___ Material for the task

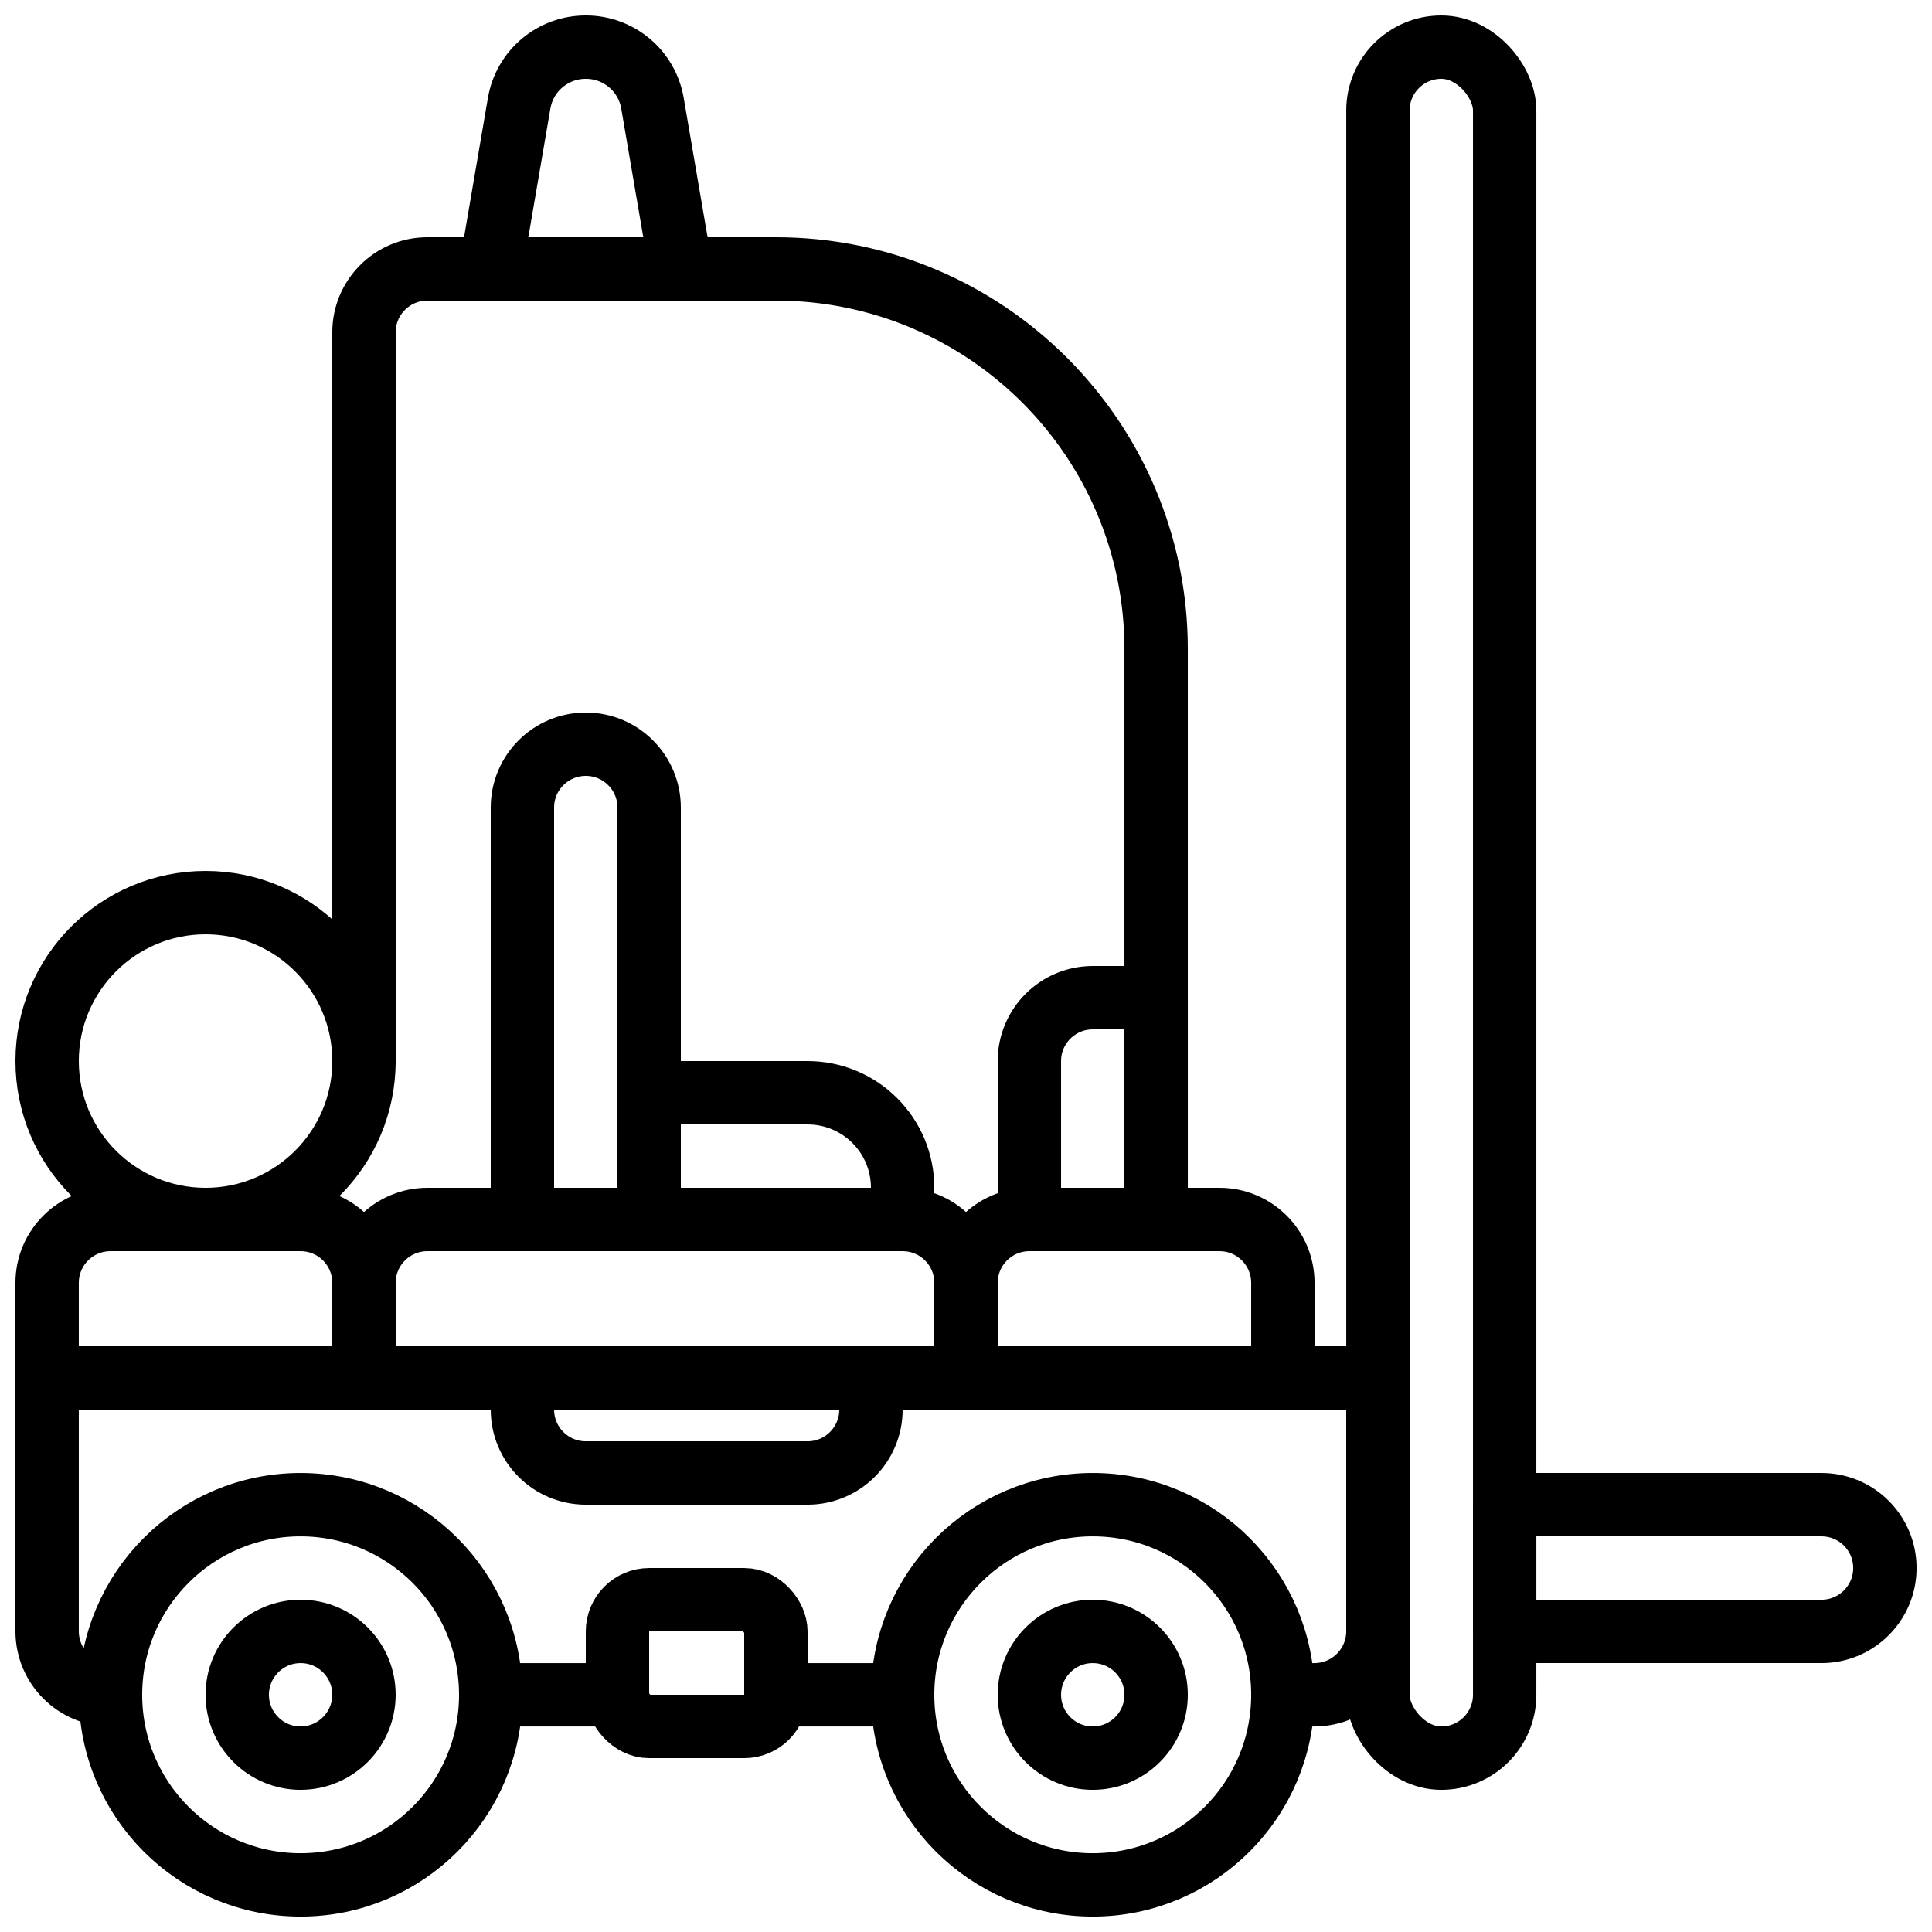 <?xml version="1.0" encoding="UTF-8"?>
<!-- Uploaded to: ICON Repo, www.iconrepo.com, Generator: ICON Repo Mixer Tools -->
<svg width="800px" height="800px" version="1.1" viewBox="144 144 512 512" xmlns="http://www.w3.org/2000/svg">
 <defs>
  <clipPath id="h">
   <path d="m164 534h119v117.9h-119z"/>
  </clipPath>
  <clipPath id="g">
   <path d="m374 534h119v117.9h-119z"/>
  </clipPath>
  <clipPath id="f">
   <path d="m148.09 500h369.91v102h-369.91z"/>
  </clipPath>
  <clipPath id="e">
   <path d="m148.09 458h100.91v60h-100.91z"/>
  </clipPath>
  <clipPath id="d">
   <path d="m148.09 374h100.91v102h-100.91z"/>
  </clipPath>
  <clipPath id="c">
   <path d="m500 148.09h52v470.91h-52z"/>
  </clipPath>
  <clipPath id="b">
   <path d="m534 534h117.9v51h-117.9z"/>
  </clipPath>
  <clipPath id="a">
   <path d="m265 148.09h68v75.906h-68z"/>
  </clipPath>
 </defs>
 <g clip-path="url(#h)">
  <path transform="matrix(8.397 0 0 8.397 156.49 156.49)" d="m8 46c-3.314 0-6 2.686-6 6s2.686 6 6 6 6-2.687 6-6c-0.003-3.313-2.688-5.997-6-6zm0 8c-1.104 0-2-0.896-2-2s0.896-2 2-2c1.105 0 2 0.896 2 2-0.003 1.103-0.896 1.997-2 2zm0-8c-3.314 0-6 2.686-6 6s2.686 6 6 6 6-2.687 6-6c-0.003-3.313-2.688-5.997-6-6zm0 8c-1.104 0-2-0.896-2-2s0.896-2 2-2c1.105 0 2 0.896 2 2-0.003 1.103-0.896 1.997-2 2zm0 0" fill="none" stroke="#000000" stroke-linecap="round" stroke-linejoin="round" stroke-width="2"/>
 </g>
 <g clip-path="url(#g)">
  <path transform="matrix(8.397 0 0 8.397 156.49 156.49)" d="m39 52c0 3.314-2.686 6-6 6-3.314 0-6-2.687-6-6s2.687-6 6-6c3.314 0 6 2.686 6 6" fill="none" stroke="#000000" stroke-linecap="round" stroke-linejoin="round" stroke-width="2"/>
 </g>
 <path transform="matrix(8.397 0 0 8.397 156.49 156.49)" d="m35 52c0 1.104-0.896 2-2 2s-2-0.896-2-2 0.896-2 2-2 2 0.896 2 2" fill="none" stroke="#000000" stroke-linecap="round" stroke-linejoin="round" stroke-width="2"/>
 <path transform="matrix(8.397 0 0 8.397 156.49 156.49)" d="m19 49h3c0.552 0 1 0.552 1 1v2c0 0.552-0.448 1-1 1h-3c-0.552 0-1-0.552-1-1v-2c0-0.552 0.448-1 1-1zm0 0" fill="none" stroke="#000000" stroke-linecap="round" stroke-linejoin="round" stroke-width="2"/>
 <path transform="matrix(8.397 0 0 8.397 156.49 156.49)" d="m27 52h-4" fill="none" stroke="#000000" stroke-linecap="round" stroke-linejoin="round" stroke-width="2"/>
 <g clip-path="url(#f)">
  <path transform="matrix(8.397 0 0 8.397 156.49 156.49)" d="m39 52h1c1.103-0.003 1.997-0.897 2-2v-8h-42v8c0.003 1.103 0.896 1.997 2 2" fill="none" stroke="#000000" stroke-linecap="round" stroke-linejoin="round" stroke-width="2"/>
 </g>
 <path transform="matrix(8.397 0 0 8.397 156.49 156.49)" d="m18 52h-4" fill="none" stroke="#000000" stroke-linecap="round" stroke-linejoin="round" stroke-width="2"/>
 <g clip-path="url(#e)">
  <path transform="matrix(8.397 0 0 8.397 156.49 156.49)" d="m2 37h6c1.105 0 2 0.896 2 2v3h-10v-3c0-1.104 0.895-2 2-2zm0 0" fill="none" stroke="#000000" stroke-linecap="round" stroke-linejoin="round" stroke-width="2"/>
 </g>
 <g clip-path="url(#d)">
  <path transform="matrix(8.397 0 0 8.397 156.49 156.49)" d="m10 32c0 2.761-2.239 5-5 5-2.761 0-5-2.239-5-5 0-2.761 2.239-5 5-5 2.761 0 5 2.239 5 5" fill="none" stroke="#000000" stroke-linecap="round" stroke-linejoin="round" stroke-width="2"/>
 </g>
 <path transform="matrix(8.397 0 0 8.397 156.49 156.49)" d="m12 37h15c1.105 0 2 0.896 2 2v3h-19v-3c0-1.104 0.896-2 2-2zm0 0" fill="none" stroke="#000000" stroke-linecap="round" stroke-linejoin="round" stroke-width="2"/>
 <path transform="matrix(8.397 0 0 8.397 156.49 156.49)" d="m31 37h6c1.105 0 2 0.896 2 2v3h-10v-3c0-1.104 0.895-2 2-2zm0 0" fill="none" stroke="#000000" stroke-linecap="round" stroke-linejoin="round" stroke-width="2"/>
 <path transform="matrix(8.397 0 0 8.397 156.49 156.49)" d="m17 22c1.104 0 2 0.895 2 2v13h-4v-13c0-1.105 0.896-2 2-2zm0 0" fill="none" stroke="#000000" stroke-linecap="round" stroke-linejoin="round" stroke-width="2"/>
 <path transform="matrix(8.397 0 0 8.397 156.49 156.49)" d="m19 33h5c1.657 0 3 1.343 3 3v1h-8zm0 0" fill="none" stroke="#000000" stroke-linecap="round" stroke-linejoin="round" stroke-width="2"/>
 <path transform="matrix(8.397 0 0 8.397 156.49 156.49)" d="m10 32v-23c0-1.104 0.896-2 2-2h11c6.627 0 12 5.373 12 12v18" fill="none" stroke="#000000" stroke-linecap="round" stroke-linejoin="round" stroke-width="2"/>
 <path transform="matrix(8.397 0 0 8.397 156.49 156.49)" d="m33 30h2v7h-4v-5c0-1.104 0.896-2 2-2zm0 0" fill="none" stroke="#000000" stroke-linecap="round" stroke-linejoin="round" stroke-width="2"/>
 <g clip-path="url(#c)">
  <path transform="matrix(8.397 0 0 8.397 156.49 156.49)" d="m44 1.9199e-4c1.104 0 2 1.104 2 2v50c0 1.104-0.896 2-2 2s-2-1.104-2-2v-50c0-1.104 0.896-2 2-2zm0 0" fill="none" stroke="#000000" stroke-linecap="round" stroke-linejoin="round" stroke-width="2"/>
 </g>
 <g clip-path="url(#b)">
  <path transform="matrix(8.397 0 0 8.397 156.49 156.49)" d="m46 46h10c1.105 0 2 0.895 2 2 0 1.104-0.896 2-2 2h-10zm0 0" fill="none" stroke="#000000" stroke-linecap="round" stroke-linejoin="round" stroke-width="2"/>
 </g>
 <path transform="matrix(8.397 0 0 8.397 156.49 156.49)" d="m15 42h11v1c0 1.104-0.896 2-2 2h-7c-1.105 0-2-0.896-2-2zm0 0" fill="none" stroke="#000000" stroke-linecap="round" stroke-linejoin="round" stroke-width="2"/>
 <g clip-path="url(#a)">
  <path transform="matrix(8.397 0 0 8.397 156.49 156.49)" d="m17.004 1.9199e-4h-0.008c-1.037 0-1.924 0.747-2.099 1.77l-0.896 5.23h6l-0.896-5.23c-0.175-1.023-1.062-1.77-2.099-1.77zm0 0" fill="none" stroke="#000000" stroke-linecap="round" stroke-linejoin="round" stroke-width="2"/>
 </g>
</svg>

______

* [Work task]: Please write out all the entries above exactly, but leave out the pictures.

* [Task response]:
 <?xml version="1.0" encoding="UTF-8"?>
<!-- Uploaded to: ICON Repo, www.iconrepo.com, Generator: ICON Repo Mixer Tools -->
<svg width="800px" height="800px" version="1.1" viewBox="144 144 512 512" xmlns="http://www.w3.org/2000/svg">
 <defs>
  <clipPath id="h">
   <path d="m164 534h119v117.9h-119z"/>
  </clipPath>
  <clipPath id="g">
   <path d="m374 534h119v117.9h-119z"/>
  </clipPath>
  <clipPath id="f">
   <path d="m148.09 500h369.91v102h-369.91z"/>
  </clipPath>
  <clipPath id="e">
   <path d="m148.09 458h100.91v60h-100.91z"/>
  </clipPath>
  <clipPath id="d">
   <path d="m148.09 374h100.91v102h-100.91z"/>
  </clipPath>
  <clipPath id="c">
   <path d="m500 148.09h52v470.91h-52z"/>
  </clipPath>
  <clipPath id="b">
   <path d="m534 534h117.9v51h-117.9z"/>
  </clipPath>
  <clipPath id="a">
   <path d="m265 148.09h68v75.906h-68z"/>
  </clipPath>
 </defs>
 <g clip-path="url(#h)">
  <path transform="matrix(8.397 0 0 8.397 156.49 156.49)" d="m8 46c-3.314 0-6 2.686-6 6s2.686 6 6 6 6-2.687 6-6c-0.003-3.313-2.688-5.997-6-6zm0 8c-1.104 0-2-0.896-2-2s0.896-2 2-2c1.105 0 2 0.896 2 2-0.003 1.103-0.896 1.997-2 2zm0-8c-3.314 0-6 2.686-6 6s2.686 6 6 6 6-2.687 6-6c-0.003-3.313-2.688-5.997-6-6zm0 8c-1.104 0-2-0.896-2-2s0.896-2 2-2c1.105 0 2 0.896 2 2-0.003 1.103-0.896 1.997-2 2zm0 0" fill="none" stroke="#000000" stroke-linecap="round" stroke-linejoin="round" stroke-width="2"/>
 </g>
 <g clip-path="url(#g)">
  <path transform="matrix(8.397 0 0 8.397 156.49 156.49)" d="m39 52c0 3.314-2.686 6-6 6-3.314 0-6-2.687-6-6s2.687-6 6-6c3.314 0 6 2.686 6 6" fill="none" stroke="#000000" stroke-linecap="round" stroke-linejoin="round" stroke-width="2"/>
 </g>
 <path transform="matrix(8.397 0 0 8.397 156.49 156.49)" d="m35 52c0 1.104-0.896 2-2 2s-2-0.896-2-2 0.896-2 2-2 2 0.896 2 2" fill="none" stroke="#000000" stroke-linecap="round" stroke-linejoin="round" stroke-width="2"/>
 <path transform="matrix(8.397 0 0 8.397 156.49 156.49)" d="m19 49h3c0.552 0 1 0.552 1 1v2c0 0.552-0.448 1-1 1h-3c-0.552 0-1-0.552-1-1v-2c0-0.552 0.448-1 1-1zm0 0" fill="none" stroke="#000000" stroke-linecap="round" stroke-linejoin="round" stroke-width="2"/>
 <path transform="matrix(8.397 0 0 8.397 156.49 156.49)" d="m27 52h-4" fill="none" stroke="#000000" stroke-linecap="round" stroke-linejoin="round" stroke-width="2"/>
 <g clip-path="url(#f)">
  <path transform="matrix(8.397 0 0 8.397 156.49 156.49)" d="m39 52h1c1.103-0.003 1.997-0.897 2-2v-8h-42v8c0.003 1.103 0.896 1.997 2 2" fill="none" stroke="#000000" stroke-linecap="round" stroke-linejoin="round" stroke-width="2"/>
 </g>
 <path transform="matrix(8.397 0 0 8.397 156.49 156.49)" d="m18 52h-4" fill="none" stroke="#000000" stroke-linecap="round" stroke-linejoin="round" stroke-width="2"/>
 <g clip-path="url(#e)">
  <path transform="matrix(8.397 0 0 8.397 156.49 156.49)" d="m2 37h6c1.105 0 2 0.896 2 2v3h-10v-3c0-1.104 0.895-2 2-2zm0 0" fill="none" stroke="#000000" stroke-linecap="round" stroke-linejoin="round" stroke-width="2"/>
 </g>
 <g clip-path="url(#d)">
  <path transform="matrix(8.397 0 0 8.397 156.49 156.49)" d="m10 32c0 2.761-2.239 5-5 5-2.761 0-5-2.239-5-5 0-2.761 2.239-5 5-5 2.761 0 5 2.239 5 5" fill="none" stroke="#000000" stroke-linecap="round" stroke-linejoin="round" stroke-width="2"/>
 </g>
 <path transform="matrix(8.397 0 0 8.397 156.49 156.49)" d="m12 37h15c1.105 0 2 0.896 2 2v3h-19v-3c0-1.104 0.896-2 2-2zm0 0" fill="none" stroke="#000000" stroke-linecap="round" stroke-linejoin="round" stroke-width="2"/>
 <path transform="matrix(8.397 0 0 8.397 156.49 156.49)" d="m31 37h6c1.105 0 2 0.896 2 2v3h-10v-3c0-1.104 0.895-2 2-2zm0 0" fill="none" stroke="#000000" stroke-linecap="round" stroke-linejoin="round" stroke-width="2"/>
 <path transform="matrix(8.397 0 0 8.397 156.49 156.49)" d="m17 22c1.104 0 2 0.895 2 2v13h-4v-13c0-1.105 0.896-2 2-2zm0 0" fill="none" stroke="#000000" stroke-linecap="round" stroke-linejoin="round" stroke-width="2"/>
 <path transform="matrix(8.397 0 0 8.397 156.49 156.49)" d="m19 33h5c1.657 0 3 1.343 3 3v1h-8zm0 0" fill="none" stroke="#000000" stroke-linecap="round" stroke-linejoin="round" stroke-width="2"/>
 <path transform="matrix(8.397 0 0 8.397 156.49 156.49)" d="m10 32v-23c0-1.104 0.896-2 2-2h11c6.627 0 12 5.373 12 12v18" fill="none" stroke="#000000" stroke-linecap="round" stroke-linejoin="round" stroke-width="2"/>
 <path transform="matrix(8.397 0 0 8.397 156.49 156.49)" d="m33 30h2v7h-4v-5c0-1.104 0.896-2 2-2zm0 0" fill="none" stroke="#000000" stroke-linecap="round" stroke-linejoin="round" stroke-width="2"/>
 <g clip-path="url(#c)">
  <path transform="matrix(8.397 0 0 8.397 156.49 156.49)" d="m44 1.9199e-4c1.104 0 2 1.104 2 2v50c0 1.104-0.896 2-2 2s-2-1.104-2-2v-50c0-1.104 0.896-2 2-2zm0 0" fill="none" stroke="#000000" stroke-linecap="round" stroke-linejoin="round" stroke-width="2"/>
 </g>
 <g clip-path="url(#b)">
  <path transform="matrix(8.397 0 0 8.397 156.49 156.49)" d="m46 46h10c1.105 0 2 0.895 2 2 0 1.104-0.896 2-2 2h-10zm0 0" fill="none" stroke="#000000" stroke-linecap="round" stroke-linejoin="round" stroke-width="2"/>
 </g>
 <path transform="matrix(8.397 0 0 8.397 156.49 156.49)" d="m15 42h11v1c0 1.104-0.896 2-2 2h-7c-1.105 0-2-0.896-2-2zm0 0" fill="none" stroke="#000000" stroke-linecap="round" stroke-linejoin="round" stroke-width="2"/>
 <g clip-path="url(#a)">
  <path transform="matrix(8.397 0 0 8.397 156.49 156.49)" d="m17.004 1.9199e-4h-0.008c-1.037 0-1.924 0.747-2.099 1.77l-0.896 5.23h6l-0.896-5.23c-0.175-1.023-1.062-1.77-2.099-1.77zm0 0" fill="none" stroke="#000000" stroke-linecap="round" stroke-linejoin="round" stroke-width="2"/>
 </g>
</svg>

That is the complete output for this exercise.